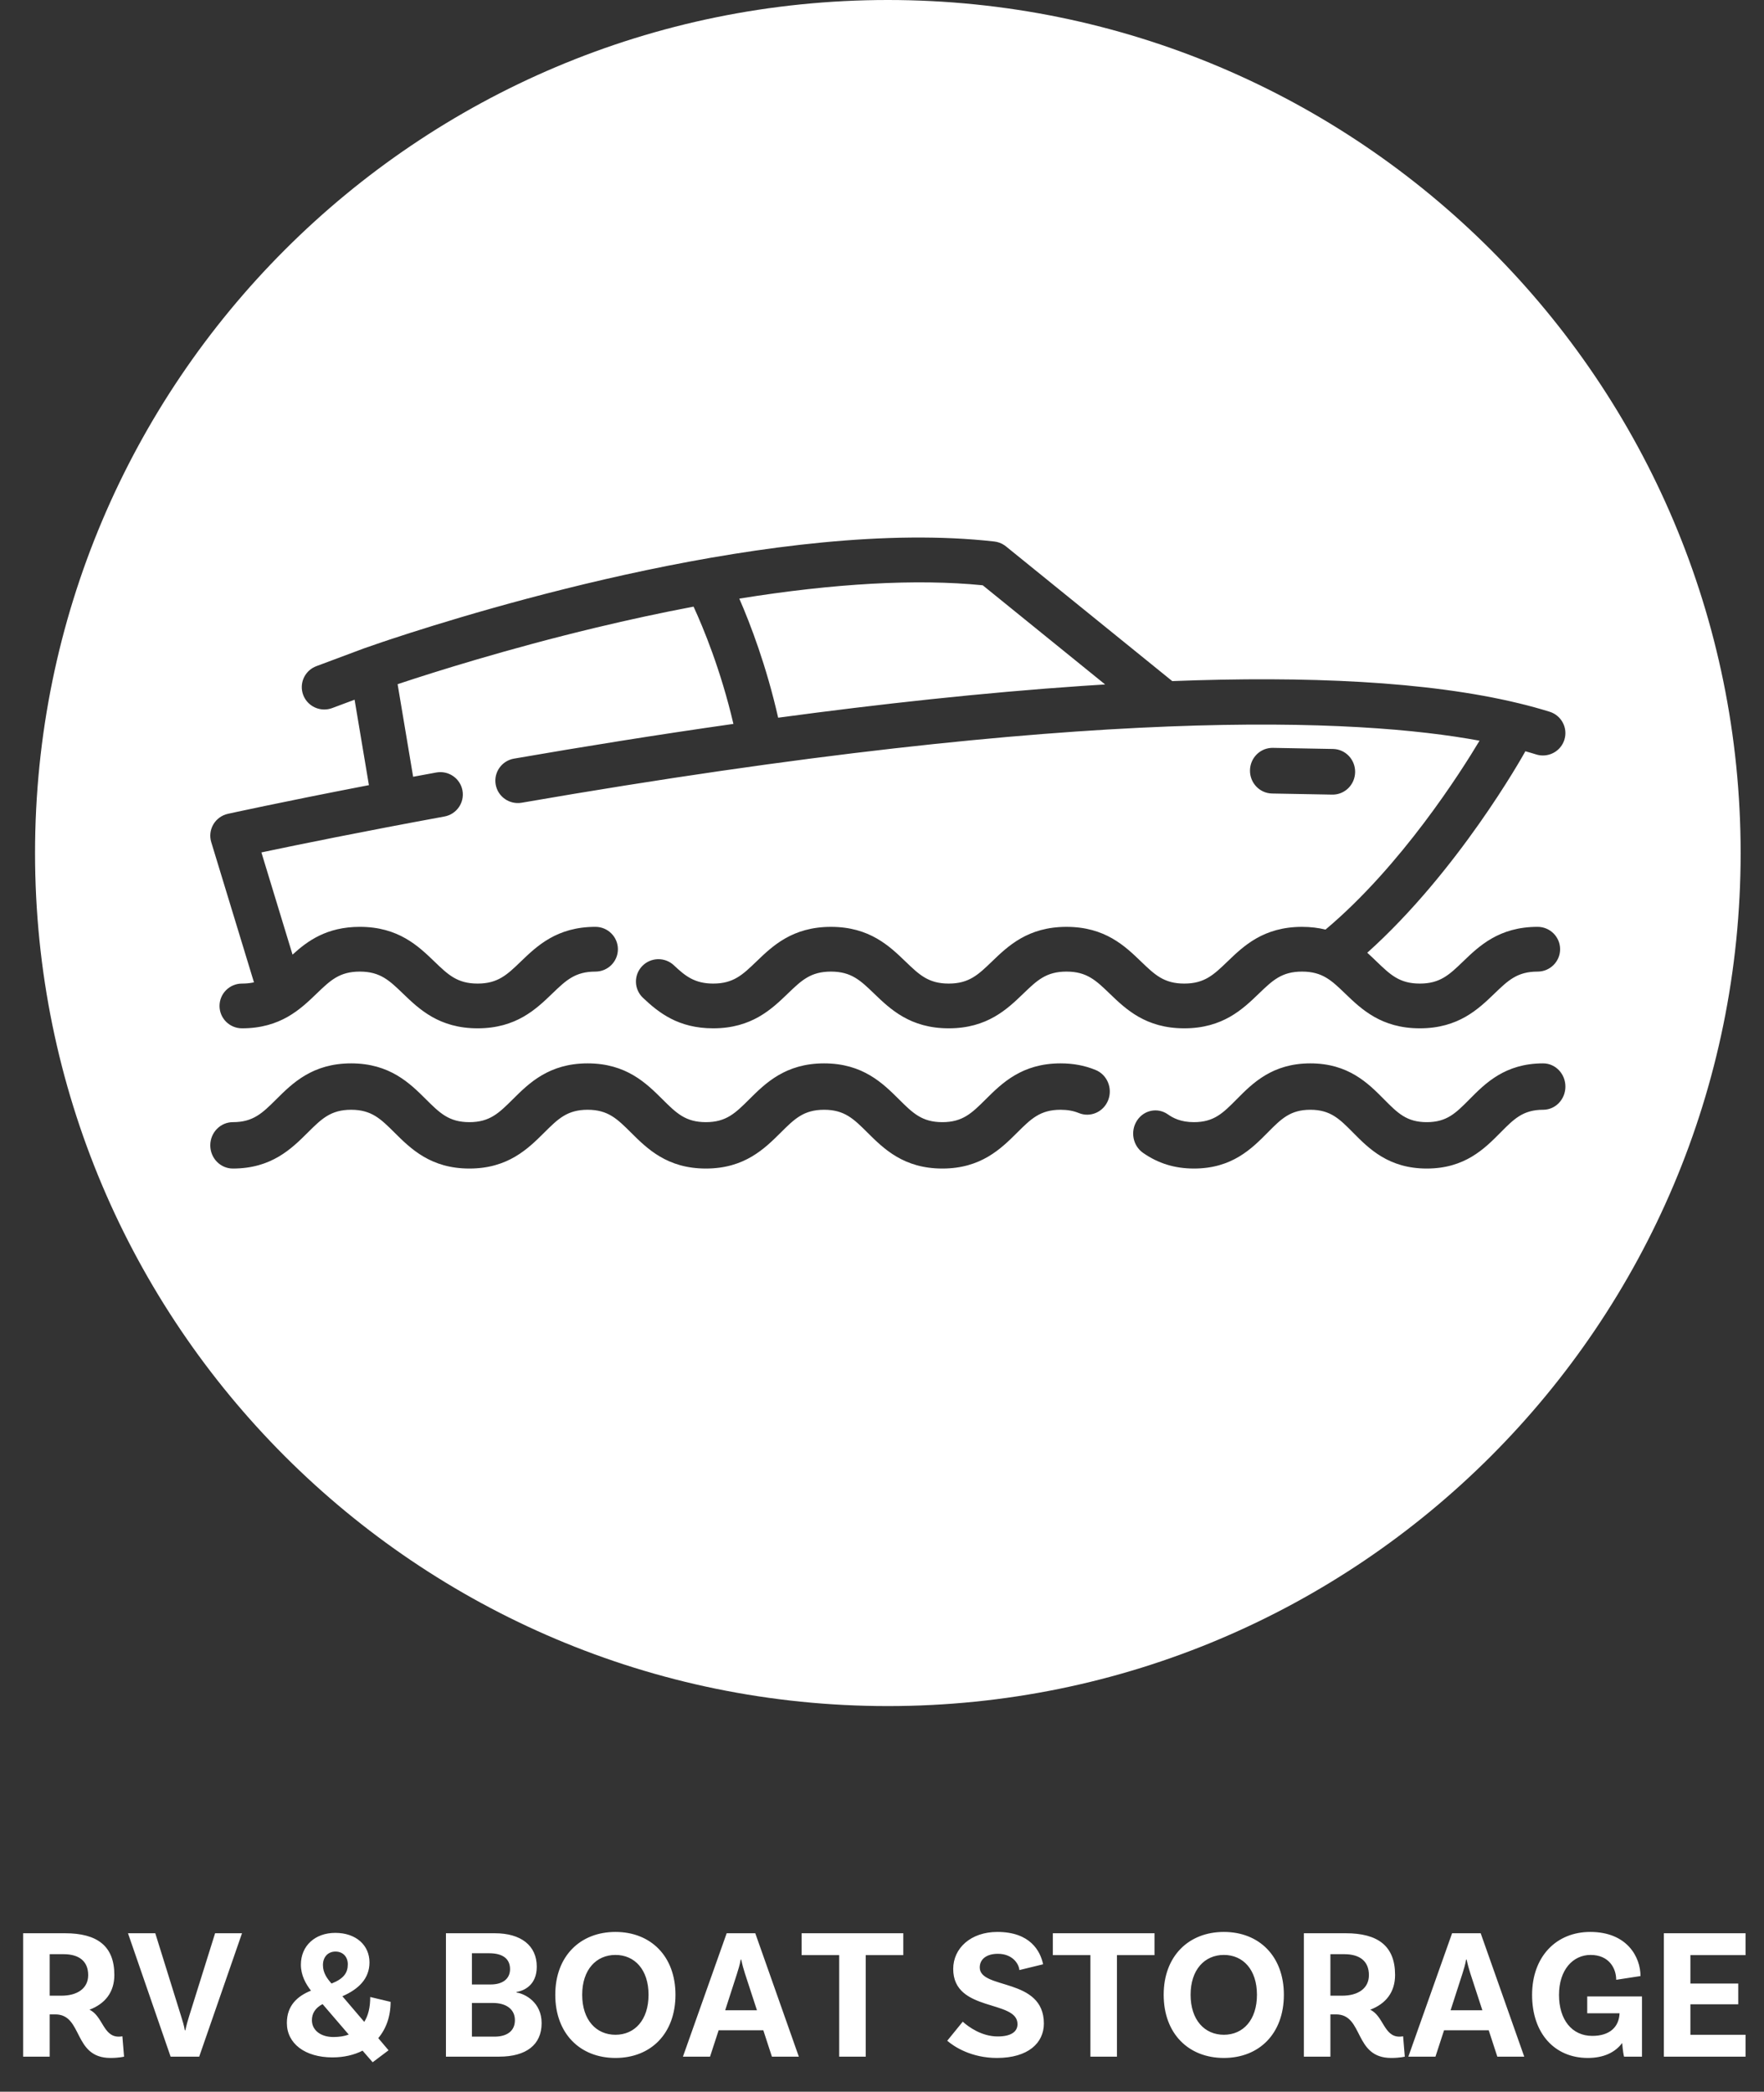 <?xml version="1.0" encoding="UTF-8"?>
<svg width="151px" height="179px" viewBox="0 0 151 179" version="1.1" xmlns="http://www.w3.org/2000/svg" xmlns:xlink="http://www.w3.org/1999/xlink">
    <rect x="0" y="0" width="151" height="179" fill="#333333" stroke="none"/>
    <title>rv boat storage</title>
    <g id="Timber-Village" stroke="none" stroke-width="1" fill="none" fill-rule="evenodd">
        <g id="desktop" transform="translate(-708, -4668)" fill="#FFFFFF">
            <g id="amenities" transform="translate(0, 4273)">
                <g id="content" transform="translate(231, 89)">
                    <g id="icons" transform="translate(304, 306)">
                        <g id="rv-boat-storage" transform="translate(173.5, 0)">
                            <path d="M75.5,0 C115.817,0 148.5,32.683 148.5,73 C148.5,113.317 115.817,146 75.5,146 C35.183,146 2.5,113.317 2.5,73 C2.5,32.683 35.183,0 75.5,0 Z M131.596,91 C128.334,91 126.646,92.704 125.289,94.074 C124.122,95.252 123.352,96.03 121.632,96.03 C119.911,96.03 119.141,95.252 117.974,94.074 C116.617,92.705 114.929,91 111.666,91 C108.404,91 106.716,92.704 105.359,94.074 C104.192,95.252 103.422,96.03 101.702,96.03 C100.568,96.03 99.911,95.672 99.466,95.36 C98.593,94.749 97.41,94.991 96.824,95.901 C96.237,96.811 96.469,98.044 97.342,98.655 C98.634,99.56 100.06,100 101.702,100 C104.964,100 106.652,98.296 108.009,96.926 C109.176,95.748 109.946,94.97 111.666,94.97 C113.387,94.97 114.158,95.748 115.325,96.926 C116.681,98.296 118.369,100 121.632,100 C124.894,100 126.582,98.296 127.938,96.926 C129.105,95.748 129.876,94.97 131.596,94.97 C132.648,94.97 133.5,94.081 133.5,92.985 C133.5,91.889 132.648,91 131.596,91 Z M90.286,91 C86.972,91 85.258,92.705 83.88,94.074 C82.695,95.252 81.912,96.03 80.166,96.03 C78.418,96.03 77.636,95.252 76.45,94.074 C75.072,92.705 73.357,91 70.044,91 C66.731,91 65.016,92.704 63.638,94.074 C62.453,95.252 61.671,96.03 59.923,96.03 C58.176,96.03 57.393,95.252 56.207,94.074 C54.829,92.704 53.114,91 49.801,91 C46.488,91 44.773,92.704 43.395,94.074 C42.21,95.252 41.427,96.03 39.68,96.03 C37.932,96.03 37.148,95.252 35.963,94.074 C34.585,92.704 32.87,91 29.557,91 C26.243,91 24.528,92.704 23.15,94.074 C21.965,95.252 21.182,96.03 19.434,96.03 C18.366,96.03 17.5,96.919 17.5,98.015 C17.5,99.111 18.366,100 19.434,100 C22.747,100 24.463,98.296 25.84,96.926 C27.026,95.748 27.809,94.97 29.557,94.97 C31.305,94.97 32.088,95.748 33.273,96.926 C34.651,98.296 36.366,100 39.68,100 C42.993,100 44.708,98.296 46.086,96.926 C47.271,95.748 48.054,94.97 49.801,94.97 C51.549,94.97 52.332,95.748 53.517,96.926 C54.895,98.296 56.61,100 59.923,100 C63.236,100 64.951,98.296 66.329,96.926 C67.514,95.748 68.297,94.97 70.044,94.97 C71.792,94.97 72.575,95.748 73.76,96.926 C75.138,98.296 76.852,100 80.166,100 C83.479,100 85.193,98.296 86.571,96.926 C87.756,95.748 88.539,94.97 90.286,94.97 C90.879,94.97 91.389,95.061 91.846,95.249 C92.836,95.657 93.963,95.163 94.361,94.146 C94.758,93.128 94.277,91.973 93.286,91.565 C92.362,91.185 91.381,91 90.286,91 Z M84.613,46.34 C66.363,44.278 40.622,52.162 32.93,54.709 L32.93,54.709 L32.192,54.956 C31.373,55.232 30.864,55.412 30.718,55.464 L30.718,55.464 L30.704,55.469 L30.691,55.473 L26.582,57.008 L26.443,57.066 C25.54,57.485 25.1,58.531 25.456,59.474 C25.746,60.242 26.48,60.716 27.259,60.716 C27.484,60.716 27.713,60.677 27.936,60.594 L27.936,60.594 L29.853,59.878 L31.08,67.191 L30.681,67.267 C23.545,68.645 19.064,69.632 19.008,69.644 C18.485,69.76 18.034,70.087 17.763,70.547 C17.493,71.007 17.427,71.559 17.583,72.069 L17.583,72.069 L21.239,84.063 L21.052,84.101 C20.799,84.145 20.524,84.17 20.218,84.17 C19.154,84.17 18.292,85.027 18.292,86.085 C18.292,87.143 19.154,88 20.218,88 C23.518,88 25.227,86.355 26.599,85.034 C27.78,83.897 28.56,83.146 30.301,83.146 C32.042,83.146 32.823,83.897 34.003,85.034 C35.376,86.355 37.084,88 40.385,88 C43.685,88 45.393,86.355 46.766,85.034 C47.946,83.897 48.726,83.146 50.467,83.146 C51.53,83.146 52.393,82.289 52.393,81.231 C52.393,80.174 51.531,79.316 50.467,79.316 C47.166,79.316 45.458,80.961 44.085,82.282 C42.905,83.419 42.125,84.17 40.385,84.17 C38.644,84.17 37.863,83.419 36.683,82.282 C35.31,80.961 33.602,79.316 30.301,79.316 C27.478,79.316 25.821,80.519 24.542,81.694 L24.542,81.694 L21.876,72.947 L22.099,72.9 C24.99,72.292 30.485,71.168 37.542,69.874 C38.588,69.682 39.28,68.683 39.087,67.643 C38.894,66.603 37.888,65.915 36.843,66.108 C36.169,66.231 35.51,66.353 34.865,66.473 L34.865,66.473 L33.536,58.551 L33.728,58.487 C36.622,57.526 42.912,55.534 50.492,53.716 C53.379,53.023 56.176,52.422 58.87,51.913 C59.697,53.709 61.2,57.326 62.281,61.949 C55.762,62.876 49.416,63.896 43.498,64.921 C42.45,65.102 41.748,66.094 41.931,67.136 C42.113,68.178 43.11,68.874 44.159,68.694 C92.712,60.285 115.848,61.478 126.15,63.387 C124.568,66.03 119.459,74.097 112.965,79.55 C112.366,79.404 111.704,79.317 110.956,79.317 C107.655,79.317 105.947,80.961 104.575,82.283 C103.394,83.419 102.614,84.17 100.874,84.17 C99.134,84.17 98.354,83.419 97.173,82.283 C95.801,80.961 94.093,79.317 90.792,79.317 C87.492,79.317 85.784,80.961 84.412,82.283 C83.232,83.419 82.452,84.17 80.712,84.17 C78.971,84.17 78.192,83.419 77.011,82.283 C75.638,80.961 73.93,79.317 70.63,79.317 C67.33,79.317 65.622,80.961 64.249,82.283 C63.069,83.419 62.289,84.17 60.549,84.17 C58.961,84.17 58.156,83.524 57.191,82.611 C56.42,81.883 55.201,81.912 54.468,82.679 C53.735,83.445 53.764,84.657 54.535,85.386 C55.872,86.651 57.55,88 60.549,88 C63.849,88 65.557,86.355 66.93,85.034 C68.11,83.897 68.89,83.146 70.631,83.146 C72.371,83.146 73.151,83.897 74.331,85.034 C75.704,86.355 77.412,88 80.712,88 C84.012,88 85.72,86.355 87.093,85.034 C88.273,83.897 89.053,83.146 90.793,83.146 C92.533,83.146 93.313,83.897 94.494,85.034 C95.866,86.355 97.574,88 100.874,88 C104.175,88 105.883,86.355 107.255,85.034 C108.436,83.897 109.216,83.146 110.956,83.146 C112.697,83.146 113.477,83.897 114.657,85.034 C116.03,86.355 117.738,88 121.038,88 C124.339,88 126.046,86.355 127.419,85.034 C128.599,83.897 129.379,83.146 131.119,83.146 C132.183,83.146 133.046,82.289 133.046,81.231 C133.046,80.174 132.184,79.316 131.119,79.316 C127.819,79.316 126.111,80.961 124.739,82.283 C123.558,83.419 122.778,84.17 121.038,84.17 C119.298,84.17 118.518,83.419 117.337,82.283 C117.085,82.04 116.821,81.786 116.539,81.533 C124.32,74.549 129.784,64.81 130.031,64.366 C130.044,64.343 130.056,64.321 130.071,64.29 L130.071,64.29 L130.54,64.424 L130.54,64.424 L130.998,64.563 C131.19,64.623 131.383,64.651 131.574,64.651 C132.394,64.651 133.154,64.127 133.411,63.308 C133.729,62.299 133.164,61.224 132.149,60.908 C131.312,60.648 130.423,60.404 129.507,60.183 C129.506,60.183 129.505,60.183 129.504,60.183 C121.702,58.295 111.295,57.847 99.845,58.286 L99.845,58.286 L85.612,46.758 L85.465,46.65 C85.21,46.481 84.919,46.375 84.613,46.34 Z M108.458,64 L108.423,64 L108.274,64.006 C107.297,64.082 106.518,64.902 106.5,65.918 C106.481,66.997 107.327,67.886 108.389,67.906 L108.389,67.906 L113.542,68 L113.56,68 L113.56,68 L113.577,68 C114.624,68 115.481,67.148 115.5,66.082 C115.519,65.003 114.673,64.114 113.611,64.094 L113.611,64.094 L108.458,64 Z M62.785,51.227 C70.916,49.917 77.985,49.523 83.622,50.086 L83.622,50.086 L94.1,58.573 L92.144,58.699 C83.636,59.277 74.766,60.251 66.111,61.418 C65.105,56.985 63.738,53.414 62.785,51.227 Z" id="Combined-Shape"></path>
                            <path d="M8.952,176.112 C9.704,176.112 10.12,176 10.12,176 L9.976,174.256 C9.976,174.256 9.832,174.288 9.656,174.288 C8.328,174.288 8.296,172.512 7.16,171.984 C8.504,171.472 9.288,170.48 9.288,169.008 C9.288,166.528 7.816,165.44 5.064,165.44 L1.48,165.44 L1.48,176 L3.752,176 L3.752,172.384 L4.232,172.384 C6.616,172.384 5.736,176.112 8.952,176.112 Z M4.76,170.784 L3.752,170.784 L3.752,167.232 L4.936,167.232 C6.28,167.232 7.048,167.84 7.048,169.024 C7.048,170.16 6.12,170.784 4.76,170.784 Z M16.552,176 L20.216,165.44 L17.912,165.44 L15.688,172.544 C15.576,172.896 15.448,173.344 15.368,173.744 L15.32,173.744 C15.256,173.344 15.112,172.88 15,172.528 L12.792,165.44 L10.456,165.44 L14.104,176 L16.552,176 Z M31.4,176.48 L32.76,175.456 L31.88,174.416 C32.552,173.616 32.936,172.56 32.936,171.312 L31.192,170.896 C31.192,171.792 31.016,172.496 30.68,173.024 L28.808,170.832 C30.168,170.24 31.128,169.344 31.128,167.936 C31.128,166.464 29.976,165.408 28.2,165.408 C26.472,165.408 25.256,166.512 25.256,168.128 C25.256,169.04 25.672,169.776 26.12,170.352 C24.968,170.816 24.056,171.616 24.056,173.12 C24.056,174.88 25.608,176.064 27.96,176.064 C28.936,176.064 29.816,175.856 30.536,175.488 L31.4,176.48 Z M27.88,169.744 C27.512,169.328 27.144,168.848 27.144,168.16 C27.144,167.472 27.576,167.008 28.216,167.008 C28.84,167.008 29.272,167.44 29.272,168.096 C29.272,168.816 28.936,169.328 27.88,169.744 Z M28.04,174.32 C26.936,174.32 26.2,173.728 26.2,172.88 C26.2,172.32 26.472,171.84 27.112,171.504 L29.352,174.112 C28.968,174.256 28.52,174.32 28.04,174.32 Z M42.232,176 C44.552,176 45.864,174.976 45.864,173.136 C45.864,171.344 44.44,170.624 43.72,170.512 L43.72,170.464 C44.328,170.368 45.448,169.904 45.448,168.304 C45.448,166.496 44.104,165.44 41.848,165.44 L37.672,165.44 L37.672,176 L42.232,176 Z M41.496,169.824 L39.896,169.824 L39.896,167.152 L41.368,167.152 C42.568,167.152 43.16,167.648 43.16,168.512 C43.16,169.312 42.568,169.824 41.496,169.824 Z M41.832,174.288 L39.896,174.288 L39.896,171.408 L41.704,171.408 C42.776,171.408 43.576,171.904 43.576,172.88 C43.576,173.84 42.856,174.288 41.832,174.288 Z M52.184,176.112 C55.208,176.112 57.32,174.032 57.32,170.704 C57.32,167.408 55.208,165.328 52.184,165.328 C49.16,165.328 47.032,167.408 47.032,170.704 C47.032,174.032 49.16,176.112 52.184,176.112 Z M52.184,174.128 C50.536,174.128 49.336,172.864 49.336,170.704 C49.336,168.56 50.536,167.296 52.184,167.296 C53.832,167.296 55.016,168.56 55.016,170.704 C55.016,172.864 53.832,174.128 52.184,174.128 Z M60.28,176 L61.016,173.744 L64.84,173.744 L65.576,176 L67.88,176 L64.152,165.44 L61.704,165.44 L57.96,176 L60.28,176 Z M64.296,172.032 L61.576,172.032 L62.584,168.912 C62.696,168.56 62.84,168.096 62.904,167.696 L62.952,167.696 C63.032,168.096 63.16,168.56 63.272,168.896 L64.296,172.032 Z M73.608,176 L73.608,167.312 L76.824,167.312 L76.824,165.44 L68.12,165.44 L68.12,167.312 L71.336,167.312 L71.336,176 L73.608,176 Z M84.84,176.112 C87.528,176.112 88.856,174.816 88.856,173.168 C88.856,169.2 83.368,170.288 83.368,168.368 C83.368,167.648 83.96,167.2 84.92,167.2 C86.152,167.2 86.712,168.032 86.76,168.592 L88.792,168.096 C88.552,166.96 87.688,165.328 84.872,165.328 C82.6,165.328 81.096,166.72 81.096,168.496 C81.096,172.224 86.6,171.104 86.6,173.216 C86.6,173.872 86.04,174.272 84.904,174.272 C83.528,174.272 82.408,173.456 81.912,173.008 L80.584,174.64 C81.176,175.152 82.648,176.112 84.84,176.112 Z M95.112,176 L95.112,167.312 L98.328,167.312 L98.328,165.44 L89.624,165.44 L89.624,167.312 L92.84,167.312 L92.84,176 L95.112,176 Z M104.264,176.112 C107.288,176.112 109.4,174.032 109.4,170.704 C109.4,167.408 107.288,165.328 104.264,165.328 C101.24,165.328 99.112,167.408 99.112,170.704 C99.112,174.032 101.24,176.112 104.264,176.112 Z M104.264,174.128 C102.616,174.128 101.416,172.864 101.416,170.704 C101.416,168.56 102.616,167.296 104.264,167.296 C105.912,167.296 107.096,168.56 107.096,170.704 C107.096,172.864 105.912,174.128 104.264,174.128 Z M118.584,176.112 C119.336,176.112 119.752,176 119.752,176 L119.608,174.256 C119.608,174.256 119.464,174.288 119.288,174.288 C117.96,174.288 117.928,172.512 116.792,171.984 C118.136,171.472 118.92,170.48 118.92,169.008 C118.92,166.528 117.448,165.44 114.696,165.44 L111.112,165.44 L111.112,176 L113.384,176 L113.384,172.384 L113.864,172.384 C116.248,172.384 115.368,176.112 118.584,176.112 Z M114.392,170.784 L113.384,170.784 L113.384,167.232 L114.568,167.232 C115.912,167.232 116.68,167.84 116.68,169.024 C116.68,170.16 115.752,170.784 114.392,170.784 Z M122.376,176 L123.112,173.744 L126.936,173.744 L127.672,176 L129.976,176 L126.248,165.44 L123.8,165.44 L120.056,176 L122.376,176 Z M126.392,172.032 L123.672,172.032 L124.68,168.912 C124.792,168.56 124.936,168.096 125,167.696 L125.048,167.696 C125.128,168.096 125.256,168.56 125.368,168.896 L126.392,172.032 Z M135.416,176.112 C136.76,176.112 137.752,175.648 138.36,174.832 C138.408,175.472 138.488,175.888 138.52,176 L140.056,176 L140.056,170.848 L135.368,170.848 L135.368,172.288 L138.136,172.288 C138.088,173.456 137.304,174.224 135.8,174.224 C134.04,174.224 132.952,172.816 132.952,170.72 C132.952,168.56 134.152,167.296 135.656,167.296 C137.24,167.296 137.848,168.448 137.848,169.424 L139.928,169.104 C139.928,167.488 138.792,165.328 135.624,165.328 C132.728,165.328 130.648,167.424 130.648,170.72 C130.648,174 132.568,176.112 135.416,176.112 Z M148.92,176 L148.92,174.128 L144.2,174.128 L144.2,171.52 L148.296,171.52 L148.296,169.744 L144.2,169.744 L144.2,167.312 L148.92,167.312 L148.92,165.44 L141.928,165.44 L141.928,176 L148.92,176 Z" id="RV&amp;BOATSTORAGE" fill-rule="nonzero"></path>
                        </g>
                    </g>
                </g>
            </g>
        </g>
    </g>
</svg>

*WHAT TO WORK ON*
Select every line of the records holding the string "height".

*WRITTEN SOLUTION*
<svg width="151px" height="179px" viewBox="0 0 151 179" version="1.1" xmlns="http://www.w3.org/2000/svg" xmlns:xlink="http://www.w3.org/1999/xlink">
    <rect x="0" y="0" width="151" height="179" fill="#333333" stroke="none"/>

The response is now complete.